5 Reasons You Should Care About Cyprus

A beggar sits outside a Bank Of Cyprus UK branch in central London, Thursday, March 28, 2013. Banks in Cyprus reopened to cus
A beggar sits outside a Bank Of Cyprus UK branch in central London, Thursday, March 28, 2013. Banks in Cyprus reopened to customers for the first time in nearly two weeks Thursday, albeit with strict restrictions on transactions, after being closed to prevent people withdrawing all their savings during the country’s acute financial crisis. Bank of Cyprus UK Limited, a separately capitalized UK incorporated bank, is subject to UK financial regulation, and eligible depositors are protected by the UK’s Financial Services Compensation Scheme (AP Photo/Lefteris Pitarakis)

Unless you are a student of history or are planning a Mediterranean vacation, you may never have given the island of Cyprus much thought. Then suddenly, it dominated the headlines for several days. What does a banking crisis in a small and far-off land mean to you?

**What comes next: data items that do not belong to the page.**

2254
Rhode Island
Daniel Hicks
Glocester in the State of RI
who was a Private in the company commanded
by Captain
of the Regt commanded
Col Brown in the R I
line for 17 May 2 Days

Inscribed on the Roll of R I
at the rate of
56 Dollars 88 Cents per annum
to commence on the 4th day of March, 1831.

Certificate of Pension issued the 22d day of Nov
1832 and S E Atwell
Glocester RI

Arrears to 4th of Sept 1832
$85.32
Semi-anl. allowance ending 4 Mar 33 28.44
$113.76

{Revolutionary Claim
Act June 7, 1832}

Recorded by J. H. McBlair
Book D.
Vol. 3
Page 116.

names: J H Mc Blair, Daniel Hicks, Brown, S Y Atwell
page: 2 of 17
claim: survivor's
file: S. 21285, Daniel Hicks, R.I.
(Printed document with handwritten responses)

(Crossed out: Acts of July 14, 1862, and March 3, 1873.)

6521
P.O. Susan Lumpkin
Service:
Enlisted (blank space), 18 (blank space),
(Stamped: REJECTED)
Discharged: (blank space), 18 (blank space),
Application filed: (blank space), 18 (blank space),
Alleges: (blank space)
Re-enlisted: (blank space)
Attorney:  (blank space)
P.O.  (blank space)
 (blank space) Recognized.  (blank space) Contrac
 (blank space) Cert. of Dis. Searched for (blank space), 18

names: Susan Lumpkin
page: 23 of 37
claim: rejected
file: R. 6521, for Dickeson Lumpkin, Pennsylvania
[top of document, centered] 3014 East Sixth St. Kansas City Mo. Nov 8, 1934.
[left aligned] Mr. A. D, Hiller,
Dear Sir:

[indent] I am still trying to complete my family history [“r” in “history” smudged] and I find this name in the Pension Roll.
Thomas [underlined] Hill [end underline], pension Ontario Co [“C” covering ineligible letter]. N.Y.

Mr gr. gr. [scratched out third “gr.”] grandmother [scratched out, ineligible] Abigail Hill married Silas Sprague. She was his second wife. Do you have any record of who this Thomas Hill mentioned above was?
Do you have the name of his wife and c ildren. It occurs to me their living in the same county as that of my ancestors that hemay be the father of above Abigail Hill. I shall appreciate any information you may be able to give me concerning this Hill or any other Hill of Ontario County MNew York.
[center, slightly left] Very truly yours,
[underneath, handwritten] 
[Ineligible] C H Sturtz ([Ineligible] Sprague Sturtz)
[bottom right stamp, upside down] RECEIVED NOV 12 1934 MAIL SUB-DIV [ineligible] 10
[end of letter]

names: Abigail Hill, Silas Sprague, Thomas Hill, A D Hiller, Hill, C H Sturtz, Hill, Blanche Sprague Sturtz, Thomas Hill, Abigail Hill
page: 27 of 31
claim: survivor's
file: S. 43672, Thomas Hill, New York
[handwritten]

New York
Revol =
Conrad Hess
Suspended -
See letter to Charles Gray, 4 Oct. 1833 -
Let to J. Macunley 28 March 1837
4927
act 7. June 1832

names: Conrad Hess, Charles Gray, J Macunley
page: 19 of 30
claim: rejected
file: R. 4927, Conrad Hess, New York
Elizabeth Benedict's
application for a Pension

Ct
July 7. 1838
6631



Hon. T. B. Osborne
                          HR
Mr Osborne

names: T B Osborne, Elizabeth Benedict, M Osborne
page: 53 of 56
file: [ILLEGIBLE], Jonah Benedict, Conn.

Here are five reasons you should care about Cyprus:

  1. The unthinkable is no longer unthinkable. Deposits in savings accounts -- especially insured ones -- are supposed to be rock-solid safe. However, the original deal negotiated between Cypriot officials and the European Central Bank called for a 6.75 percent levy on deposits below 100,000 euros, and a 9.9 percent tax on larger deposits. That proposal was ultimately replaced by one that would just freeze deposits over 100,000 euros. Any penalty on depositors is disturbing, and the fact that the European Union even considered confiscating a portion of guaranteed deposits is especially troubling.
  2. Offshore accounts just got a little scarier. Cyprus had been a favorite haven for foreign depositors. Right about now, anyone who has been squirreling money away in an offshore account, whether it's Cyprus or the Cayman islands or elsewhere, must be having second thoughts.
  3. It almost brought the Russians to the grown-ups table. Because many of those foreign depositors are Russian, Cypriot officials at one point sought financial assistance from Russia. No deal was reached, but just the fact that the idea was discussed is an intriguing might-have-been. Large, developing economies such as Russia's, China's and Brazil's have a growing amount of economic muscle. It would be helpful if they started to share the burden of safeguarding global economic stability, instead of the task always falling to the United States and the European Union.
  4. It's a reminder to check your deposit insurance coverage. Could this type of an unexpected seizure of deposits happen here? One would like to think not, but the truth is that it really depends on how big the next banking crisis is. The FDIC insurance fund is one line of defense against that. That fund is not inexhaustible, but it certainly means there can be a distinction between insured and uninsured deposits. The insurance limit is currently $250,000 per depositor, per bank, meaning you can have more money than that insured if you spread it among different banks. Given how bad the 2008 crisis almost got, the Cyprus situation is just another reminder not to get complacent about uninsured deposits.
  5. It's the latest sign of how fragile an interconnected world is. Cyprus represents about 0.2 percent of the European Union's GDP, and yet its problems are seen as a threat to the euro. In turn, that threat sent shock waves through U.S. markets. The problems in Cyprus are already an example of the financial notion of contagion -- the way one country's problems can quickly infect financial systems in other countries. Cyprus has a large ethnic Greek population, and its financial troubles can be traced to losses in Greek bonds. In short, while the Greek crisis has been out of the headlines for a few weeks, that doesn't mean the infection isn't still spreading.

You may never visit Cyprus, and you might never even look at it on a map. Like it or not though, that little island is suddenly part of your financial life.